Jay Foad via llvm-commits llvm-commits at lists.llvm.org
Wed May 22 09:13:33 PDT 2024


https://github.com/jayfoad updated https://github.com/llvm/llvm-project/pull/89612

>From 2dc23c1d7d6f9ed0e9715233eedee8c171679b9a Mon Sep 17 00:00:00 2001
From: Jay Foad <jay.foad at amd.com>
Date: Mon, 22 Apr 2024 15:20:23 +0100
Subject: [PATCH] [AMDGPU] New intrinsic llvm.amdgcn.pops.exiting.wave.id

This provides access to the special scalar source value
SRC_POPS_EXITING_WAVE_ID on GFX9 and GFX10.
---
 llvm/include/llvm/IR/IntrinsicsAMDGPU.td      |  5 +++
 llvm/lib/Target/AMDGPU/AMDGPUISelDAGToDAG.cpp | 11 ++++++
 llvm/lib/Target/AMDGPU/AMDGPUISelDAGToDAG.h   |  1 +
 .../AMDGPU/AMDGPUInstructionSelector.cpp      | 17 ++++++++++
 .../Target/AMDGPU/AMDGPUInstructionSelector.h |  1 +
 .../Target/AMDGPU/AMDGPURegisterBankInfo.cpp  |  2 ++
 .../llvm.amdgcn.pops.exiting.wave.id.ll       | 34 +++++++++++++++++++
 7 files changed, 71 insertions(+)
 create mode 100644 llvm/test/CodeGen/AMDGPU/llvm.amdgcn.pops.exiting.wave.id.ll

diff --git a/llvm/include/llvm/IR/IntrinsicsAMDGPU.td b/llvm/include/llvm/IR/IntrinsicsAMDGPU.td
index 0b774b724d0c0..5c001a4dd6247 100644
--- a/llvm/include/llvm/IR/IntrinsicsAMDGPU.td
+++ b/llvm/include/llvm/IR/IntrinsicsAMDGPU.td
@@ -2482,6 +2482,11 @@ class AMDGPUGlobalLoadLDS :
      "", [SDNPMemOperand]>;
 def int_amdgcn_global_load_lds : AMDGPUGlobalLoadLDS;
 
+// Use read/write of inaccessible memory to model the fact that this reads a
+// volatile value.
+def int_amdgcn_pops_exiting_wave_id :
+  DefaultAttrsIntrinsic<[llvm_i32_ty], [], [IntrInaccessibleMemOnly]>;
+
 //===----------------------------------------------------------------------===//
 // GFX10 Intrinsics
 //===----------------------------------------------------------------------===//
diff --git a/llvm/lib/Target/AMDGPU/AMDGPUISelDAGToDAG.cpp b/llvm/lib/Target/AMDGPU/AMDGPUISelDAGToDAG.cpp
index c11c7a57e0596..c498cd991ba73 100644
--- a/llvm/lib/Target/AMDGPU/AMDGPUISelDAGToDAG.cpp
+++ b/llvm/lib/Target/AMDGPU/AMDGPUISelDAGToDAG.cpp
@@ -2526,6 +2526,14 @@ void AMDGPUDAGToDAGISel::SelectDSBvhStackIntrinsic(SDNode *N) {
   CurDAG->setNodeMemRefs(cast<MachineSDNode>(Selected), {MMO});
 }
 
+void AMDGPUDAGToDAGISel::SelectPOPSExitingWaveID(SDNode *N) {
+  // TODO: Select this with a tablegen pattern.
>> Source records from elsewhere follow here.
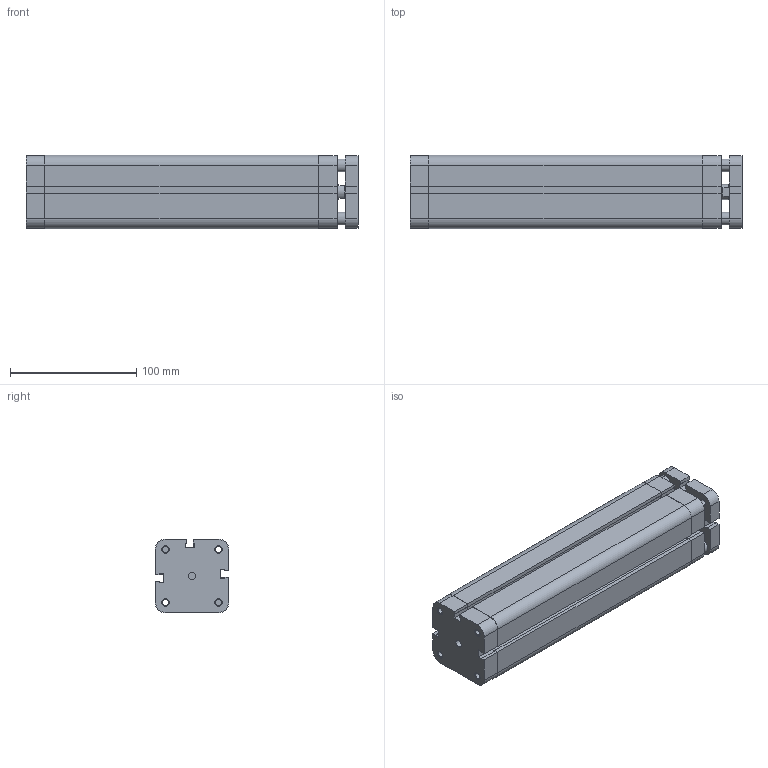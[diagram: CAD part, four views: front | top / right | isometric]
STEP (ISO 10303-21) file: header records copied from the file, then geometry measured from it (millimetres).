
FILE_DESCRIPTION (( 'STEP AP214' ), '1' );
FILE_NAME ('PKY 40-200 CYLINDER.STEP', '2010-08-06T05:59:55', ( '' ), ( '' ), 'SwSTEP 2.0', 'SolidWorks 2010', '' );
FILE_SCHEMA (( 'AUTOMOTIVE_DESIGN' ));
Length unit declared in the file: millimetre
Products named in the file (6): 40 Arka  kapak 2; 40 compact borusu; 40 On kapak; 40 mil; 40 Kompact yat bag braketi; PKY  40-200  CYLINDER
Assembly tree (5 placements, depth 2):
  PKY  40-200  CYLINDER
    40 compact borusu
    40 Arka  kapak 2
    40 On kapak
    40 mil
    40 Kompact yat bag braketi
Bounding box: 262.5 x 58 x 58 mm (x, y, z)
Volume: 521835.3 mm3; surface area: 189096.7 mm2
Topology: 5 solids, 5 shells, 251 faces, 668 edges, 437 vertices
Faces by surface type: plane 137, cylinder 90, cone 24
Entity records: 8378 total; most frequent: CARTESIAN_POINT 1386, DIRECTION 1378, ORIENTED_EDGE 1332, EDGE_CURVE 666, AXIS2_PLACEMENT_3D 461, LINE 456, VECTOR 456, VERTEX_POINT 437
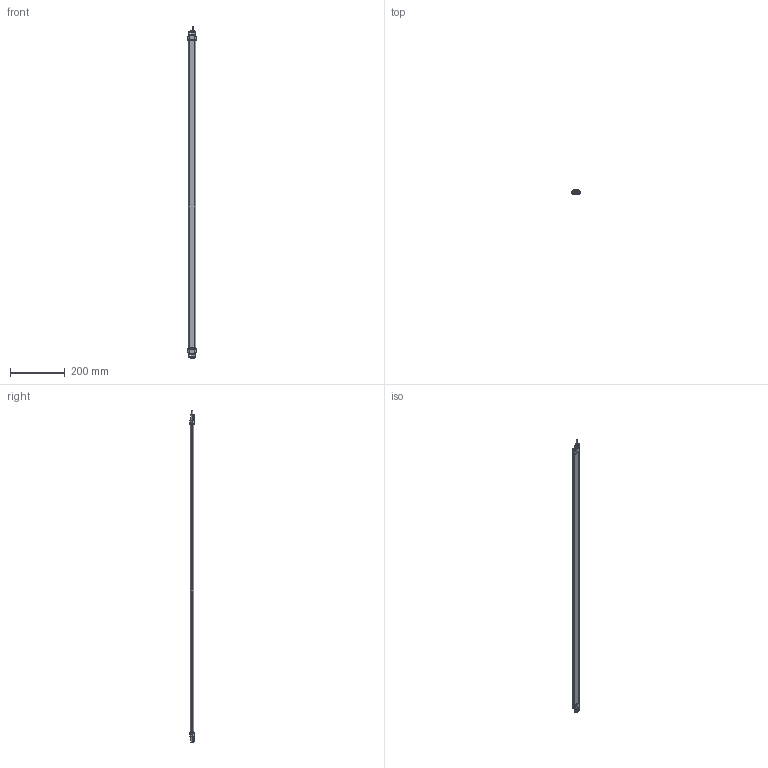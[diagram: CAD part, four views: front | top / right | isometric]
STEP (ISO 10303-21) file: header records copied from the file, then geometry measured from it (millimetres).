
FILE_DESCRIPTION((''),'2;1');
FILE_NAME('198003_ASM','2017-02-06T',('PDMAdmin'),('BANNER ENGINEERING'),'CREO PARAMETRIC BY PTC INC, 2016260','CREO PARAMETRIC BY PTC INC, 2016260','');
FILE_SCHEMA(('CONFIG_CONTROL_DESIGN'));
Length unit declared in the file: millimetre
Products named in the file (10): 195439_AF128; 196699; 196751; 196300_AF128; 114466; WLS15_OVERMOLD_ENDCAP_INPUT; CABLE_4-82MM_AF39; 197364_AF71; WLS15_OVERMOLD_ENDCAP_OUTPUT; 198003_ASM
Assembly tree (9 placements, depth 2):
  198003_ASM
    195439_AF128
    196699
    196751
    196300_AF128
    114466
    WLS15_OVERMOLD_ENDCAP_INPUT
    CABLE_4-82MM_AF39
    197364_AF71
    WLS15_OVERMOLD_ENDCAP_OUTPUT
Bounding box: 30.6 x 15.53 x 1218.2 mm (x, y, z)
Volume: 204501.9 mm3; surface area: 243247.6 mm2
Topology: 9 solids, 9 shells, 816 faces, 2120 edges, 1319 vertices
Faces by surface type: cylinder 310, plane 283, bspline 85, torus 64, cone 56, sphere 18
Entity records: 33744 total; most frequent: CARTESIAN_POINT 13894, ORIENTED_EDGE 4240, DIRECTION 4033, EDGE_CURVE 2120, AXIS2_PLACEMENT_3D 1495, VERTEX_POINT 1319, VECTOR 1043, LINE 1043
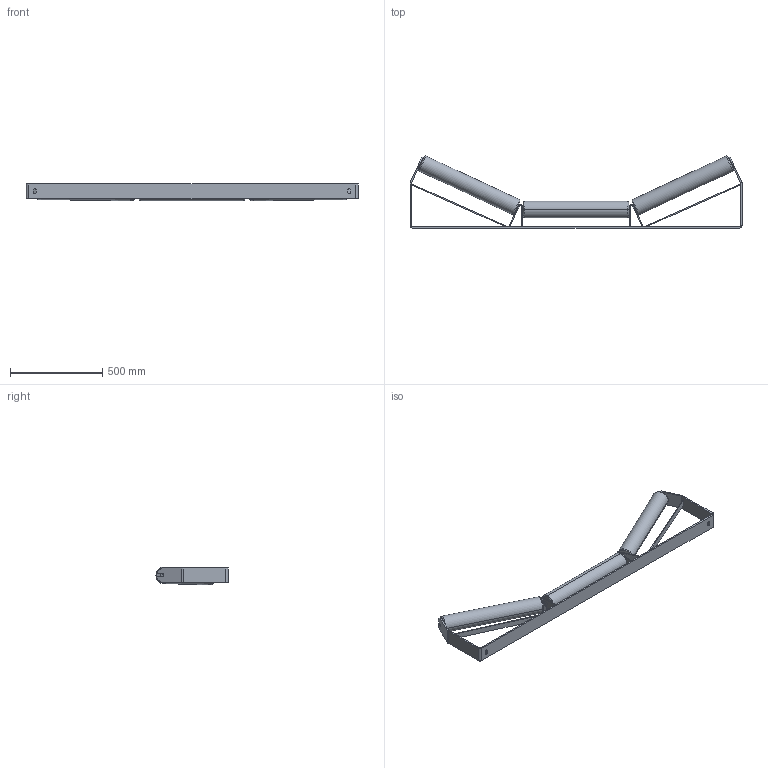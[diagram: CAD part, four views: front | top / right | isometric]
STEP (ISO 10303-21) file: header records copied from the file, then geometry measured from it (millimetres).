
FILE_DESCRIPTION (( 'STEP AP214' ), '1' );
FILE_NAME ('Support SNLM 53300 E100 8 B1600 25° avec pincement .step', '2020-02-24T05:22:49', ( '' ), ( '' ), 'SwSTEP 2.0', 'SolidWorks 2019', '' );
FILE_SCHEMA (( 'AUTOMOTIVE_DESIGN' ));
Length unit declared in the file: millimetre
Products named in the file (1): Support SNLM 53300 E100 8 B1600 25° avec pincement 
Bounding box: 1800 x 391.25 x 95.8 mm (x, y, z)
Volume: 4068552.7 mm3; surface area: 1671265.5 mm2
Topology: 8 solids, 11 shells, 293 faces, 714 edges, 456 vertices
Faces by surface type: plane 201, cylinder 63, bspline 17, torus 12
Entity records: 8723 total; most frequent: CARTESIAN_POINT 1685, ORIENTED_EDGE 1428, DIRECTION 1408, EDGE_CURVE 714, LINE 506, VECTOR 506, VERTEX_POINT 456, AXIS2_PLACEMENT_3D 451

This is tricky because the
+  // intrinsic is IntrReadMem/IntrWriteMem but the instruction is not marked
+  // mayLoad/mayStore and tablegen complains about the mismatch.
+  SDNode *Reg = CurDAG->getRegister(AMDGPU::SRC_POPS_EXITING_WAVE_ID, MVT::i32);
+  CurDAG->SelectNodeTo(N, AMDGPU::S_MOV_B32, N->getVTList(), Reg);
+}
+
 static unsigned gwsIntrinToOpcode(unsigned IntrID) {
   switch (IntrID) {
   case Intrinsic::amdgcn_ds_gws_init:
@@ -2682,6 +2690,9 @@ void AMDGPUDAGToDAGISel::SelectINTRINSIC_W_CHAIN(SDNode *N) {
   case Intrinsic::amdgcn_ds_bvh_stack_rtn:
     SelectDSBvhStackIntrinsic(N);
     return;
+  case Intrinsic::amdgcn_pops_exiting_wave_id:
+    SelectPOPSExitingWaveID(N);
+    return;
   }
 
   SelectCode(N);
diff --git a/llvm/lib/Target/AMDGPU/AMDGPUISelDAGToDAG.h b/llvm/lib/Target/AMDGPU/AMDGPUISelDAGToDAG.h
index f987b747c0e21..53d25b4cf4ca8 100644
--- a/llvm/lib/Target/AMDGPU/AMDGPUISelDAGToDAG.h
+++ b/llvm/lib/Target/AMDGPU/AMDGPUISelDAGToDAG.h
@@ -274,6 +274,7 @@ class AMDGPUDAGToDAGISel : public SelectionDAGISel {
   void SelectFP_EXTEND(SDNode *N);
   void SelectDSAppendConsume(SDNode *N, unsigned IntrID);
   void SelectDSBvhStackIntrinsic(SDNode *N);
+  void SelectPOPSExitingWaveID(SDNode *N);
   void SelectDS_GWS(SDNode *N, unsigned IntrID);
   void SelectInterpP1F16(SDNode *N);
   void SelectINTRINSIC_W_CHAIN(SDNode *N);
diff --git a/llvm/lib/Target/AMDGPU/AMDGPUInstructionSelector.cpp b/llvm/lib/Target/AMDGPU/AMDGPUInstructionSelector.cpp
index b48a09489653a..99109b23a1591 100644
--- a/llvm/lib/Target/AMDGPU/AMDGPUInstructionSelector.cpp
+++ b/llvm/lib/Target/AMDGPU/AMDGPUInstructionSelector.cpp
@@ -2079,6 +2079,21 @@ bool AMDGPUInstructionSelector::selectDSBvhStackIntrinsic(
   return constrainSelectedInstRegOperands(*MIB, TII, TRI, RBI);
 }
 
+bool AMDGPUInstructionSelector::selectPOPSExitingWaveID(
+    MachineInstr &MI) const {
+  Register Dst = MI.getOperand(0).getReg();
+  const DebugLoc &DL = MI.getDebugLoc();
+  MachineBasicBlock *MBB = MI.getParent();
+
+  // TODO: Select this with a tablegen pattern. This is tricky because the
+  // intrinsic is IntrReadMem/IntrWriteMem but the instruction is not marked
+  // mayLoad/mayStore and tablegen complains about the mismatch.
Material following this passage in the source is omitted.